HOLMAN [voice-over]: The battle simulation was made more realistic by a laser-beam targeting system called MILES, the Army's acronym for multiple integrated laser engagement system. If the laser beam on a tank's cannon was aimed accurately, it scored a direct hit, setting off a yellow light on the opponent's tank and taking it out of the battle.
Brig. Gen. THOMAS COLE, Ft. Irwin commander: If two tanks are on the battle-field, we don't have to argue about whether which one shot the other. If he hits him, he's dead. What it really does for us is it gets the soldiers' attention to the battle. We don't have to have somebody come up and say, "Bang, bang," you know, "you're dead." What this does is, if the enemy really shoots you, you really die. You don't die really, but you go down, and it's because the enemy shot you.
HOLMAN [voice-over]: Critics of the MILES approach have said it makes soldiers too cautious, less daring. The commander of the visiting blue force said the criticism is partially justified.

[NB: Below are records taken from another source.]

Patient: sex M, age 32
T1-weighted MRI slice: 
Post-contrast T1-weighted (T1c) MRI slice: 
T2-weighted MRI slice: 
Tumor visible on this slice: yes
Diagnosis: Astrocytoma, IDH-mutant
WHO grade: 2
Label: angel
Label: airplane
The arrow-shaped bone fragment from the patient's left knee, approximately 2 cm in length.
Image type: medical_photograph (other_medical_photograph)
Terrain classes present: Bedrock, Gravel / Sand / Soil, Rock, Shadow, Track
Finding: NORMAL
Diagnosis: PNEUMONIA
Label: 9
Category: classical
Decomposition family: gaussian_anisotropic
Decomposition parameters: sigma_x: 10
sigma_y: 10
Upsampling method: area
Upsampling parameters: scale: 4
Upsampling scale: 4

Lt. Col. RANDY HOUSE, visiting force commander: MILES has taught us how to move to keep from getting killed, and that's good, because no longer do soldiers make those -- you know, those John Wayne attacks. There is a tendency, if the commanders let them, into moving too slow, into being so concerned with being killed that they don't get out and move like they have to.
HOLMAN [voice-over]: A senior officer at the national training center said seasoned troops soon learn to hustle again.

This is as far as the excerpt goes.